Светлый фон

Девочка еще не сдалась, но это остаточное упрямство, замешанное на гордости, — настороженно прикидывал атаман, — ведь Арина знает, ей дарована причастность к семье. Из-за этого теперь она гоняет себя по замкнутому кругу: верит, что атаман в неё верит…

К ночи сделалось по-настоящему трудно. Сим морщился и часто смахивал кровь — камень рассёк бровь, чуть погодя второй попал в висок, и в голове шумело. Но это ненадолго, силы восстановятся, знал атаман. Главное — пока есть надежда успеть к скалам до прихода… «старшего брата». Сим намеренно не назвал имя великого ветра степи. Его-то Арина наверняка знала.

Смертень.

Напасть, хуже которой мало сыщется во всем диком поле. Смертень задувает жизни, как свечи. А до того безжалостно обнажает подлинную людскую натуру.

Одиннадцать лет назад Смертень целиком забрал род, кочевавший к берегу моря на зимовку. Тысячи людей, многие тысячи… Тогда Сим еще не был отчим. Он искал сгинувший род с небольшим отрядом. Он был упрям и справился первым. Но разве подобное помнят с гордостью? И теперь тот поход мелькает в кошмарах… Сим нашел людей, но что это была за находка! Трупы, сплошь — трупы… Бессмысленные лица, перекошенные болью. Вмерзшие в лед тела. И рядом — немногие выжившие, которые страшнее мертвых. Безумные. Все до единого — безумные…

— Эт, — шепнул атаман. — Эт, тебя по осени часто зовут, да? Часто и многогласо.

Атаман хлестнул скакуна и оглянулся, по выработанной за несколько дней привычке проверил, не отстал ли одинец. Справляется… Иногда коротко поводит мордой, чтобы глянуть на восток и принюхаться. Тоже учуял беду. Атаман покосился на Арину: лицо белое, губы потрескались. Взгляд пустой… она еще держится в седле, но это её предел.

— Скоро привал, — крикнул Сим. — Отдохнёшь.

Обманул… На привале не будет ни отдыха, ни сытости. Увы, никто, даже самый могучий провидец, не скажет, сидя у костра: сломит ли человека степь? Если сломит… Арина всё равно останется частью семьи. Это неизменно.

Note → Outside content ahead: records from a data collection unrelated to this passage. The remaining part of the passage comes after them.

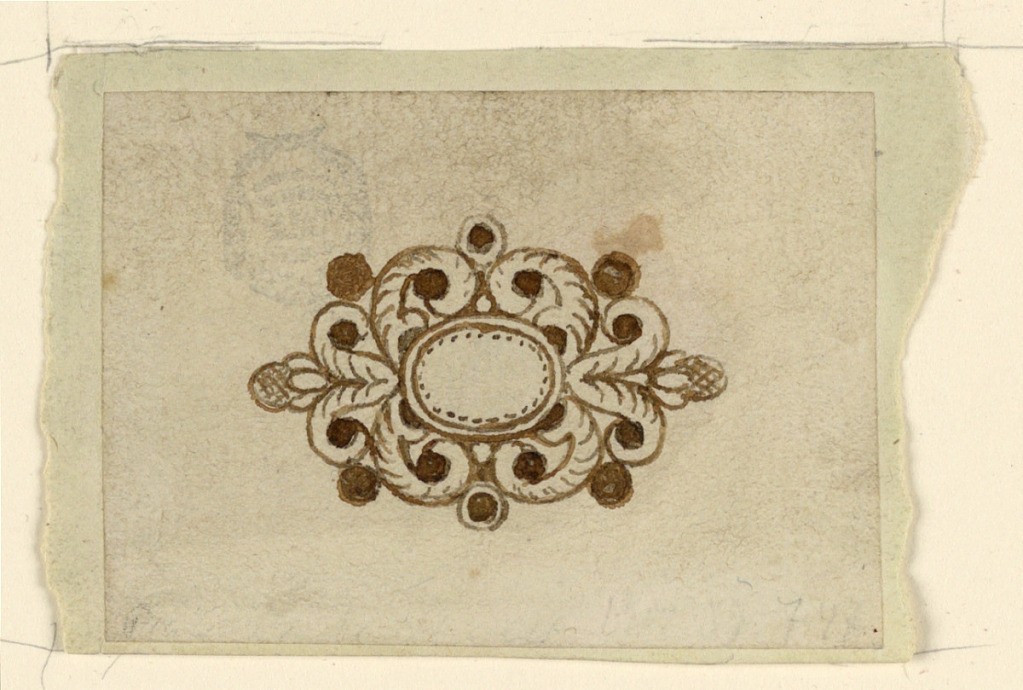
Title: Design for Brooch
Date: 1820–30
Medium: Pen and ink, brush and sepia on paper
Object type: Drawing
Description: An oblong diamond framed by palmettes.
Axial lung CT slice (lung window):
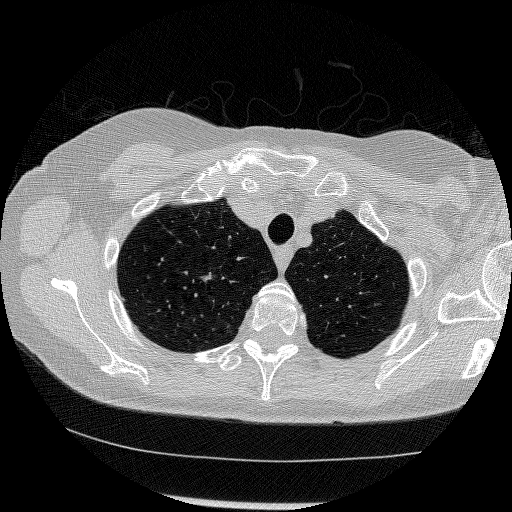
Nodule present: yes
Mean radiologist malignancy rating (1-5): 4
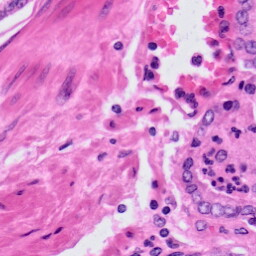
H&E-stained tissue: Prostate
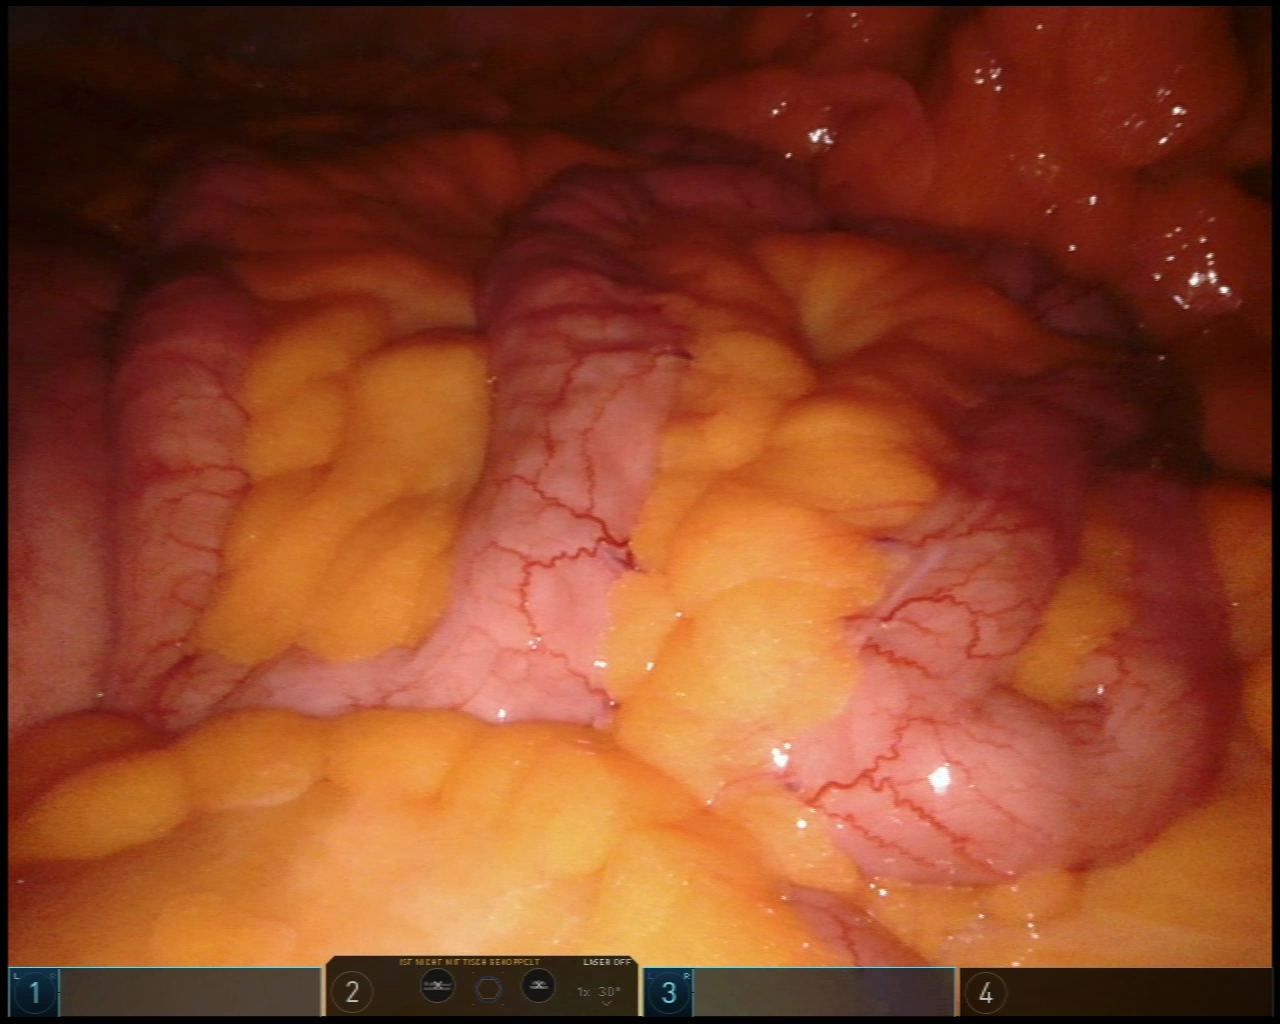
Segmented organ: small_intestine
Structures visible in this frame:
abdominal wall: yes
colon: no
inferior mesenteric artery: no
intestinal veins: no
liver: no
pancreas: no
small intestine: yes
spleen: no
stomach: no
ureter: no
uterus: no
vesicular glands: no
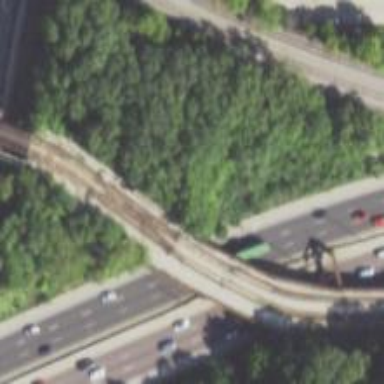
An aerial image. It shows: Railroad crossover.
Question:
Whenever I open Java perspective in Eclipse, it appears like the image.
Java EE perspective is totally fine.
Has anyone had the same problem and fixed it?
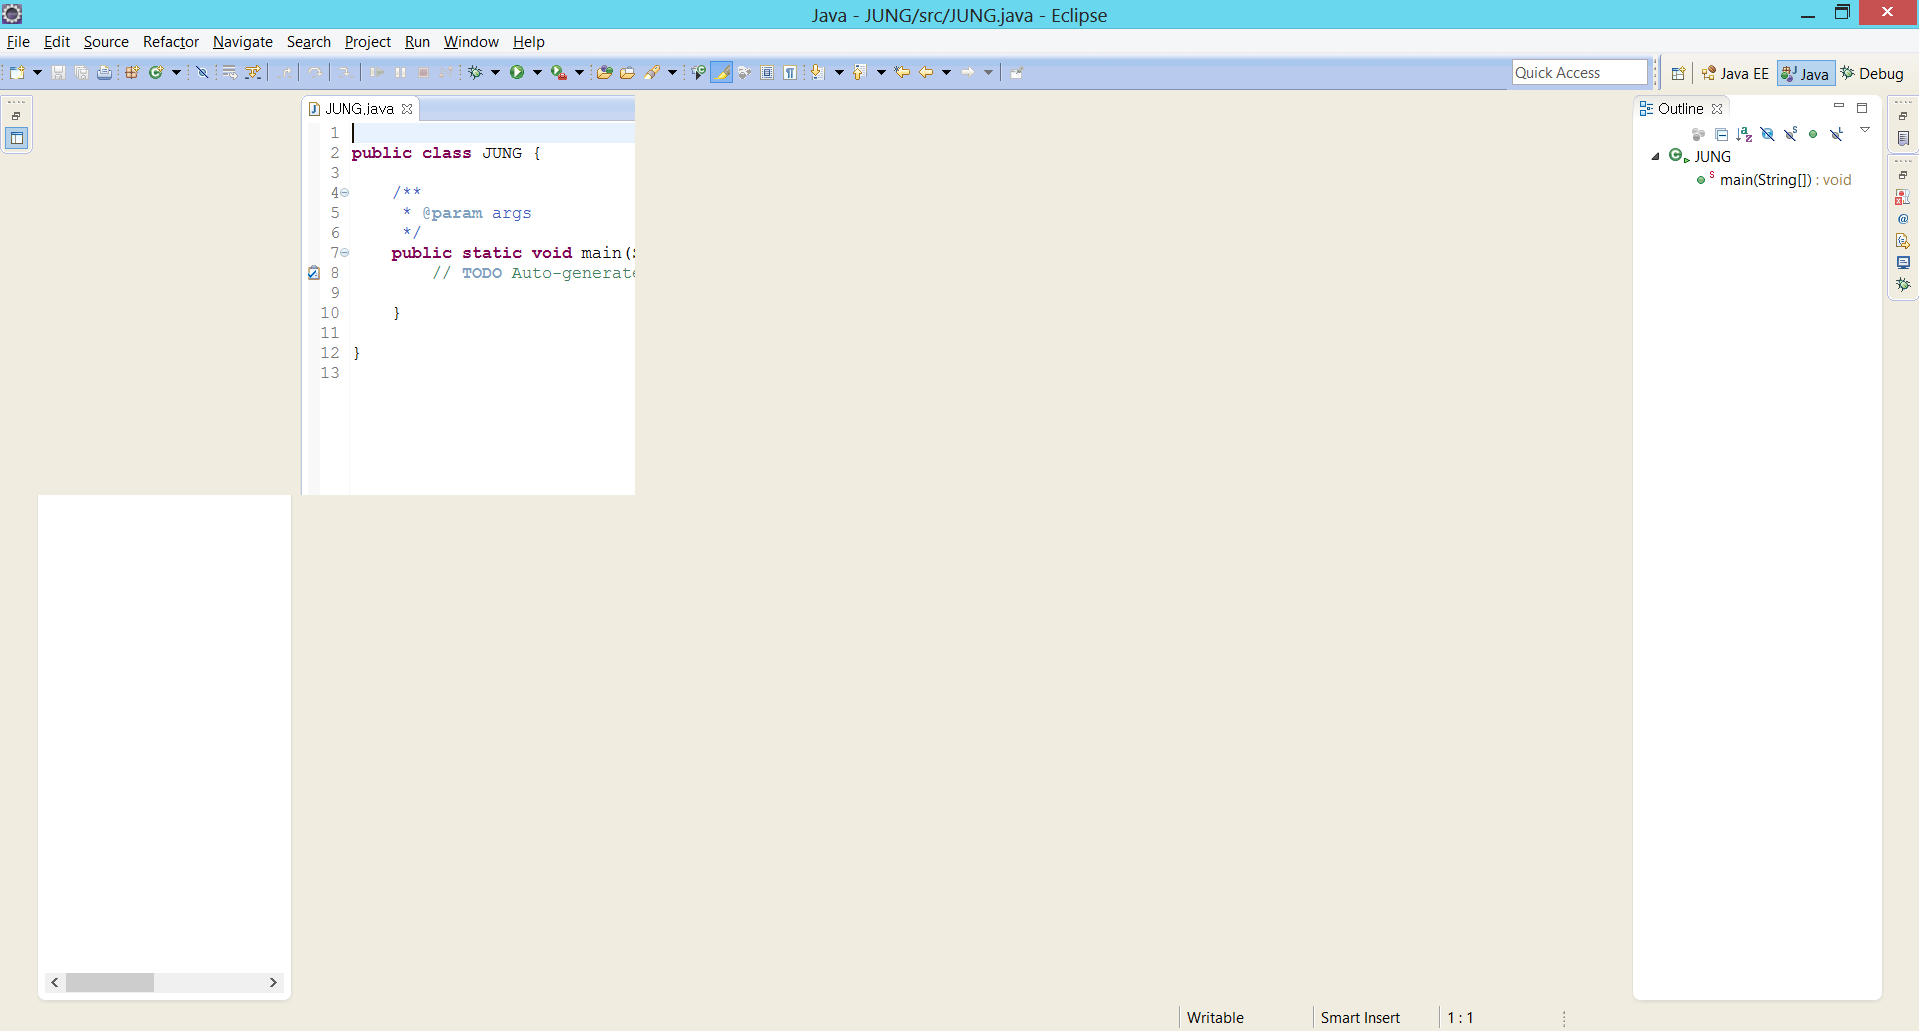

— Эт, — еще раз шепнул атаман.

Нет, не позвал. Эт — сын дикого поля. Окликни его друг или даже брат, он не разберёт голос одиночки. Тем более осенью, когда огромные пожары бед вспыхивают там и тут. Они полны яркой, как пламя, болью и темным, как копоть, страхом. Эт видит большие костры и спешит унять общую беду. А голос одиночки — лишь мимолётная искра.

Атаман выбрал для привала начало ночи — чёрное, как пропасть безумия: хоть открой глаза, хоть закрой, ничего не меняется. Нет в мире дорог, нет и направлений. Есть лишь ветер. Липкая ледяная тьма мчит по-над степью… Свистит в ушах, жалит кожу, треплет душу.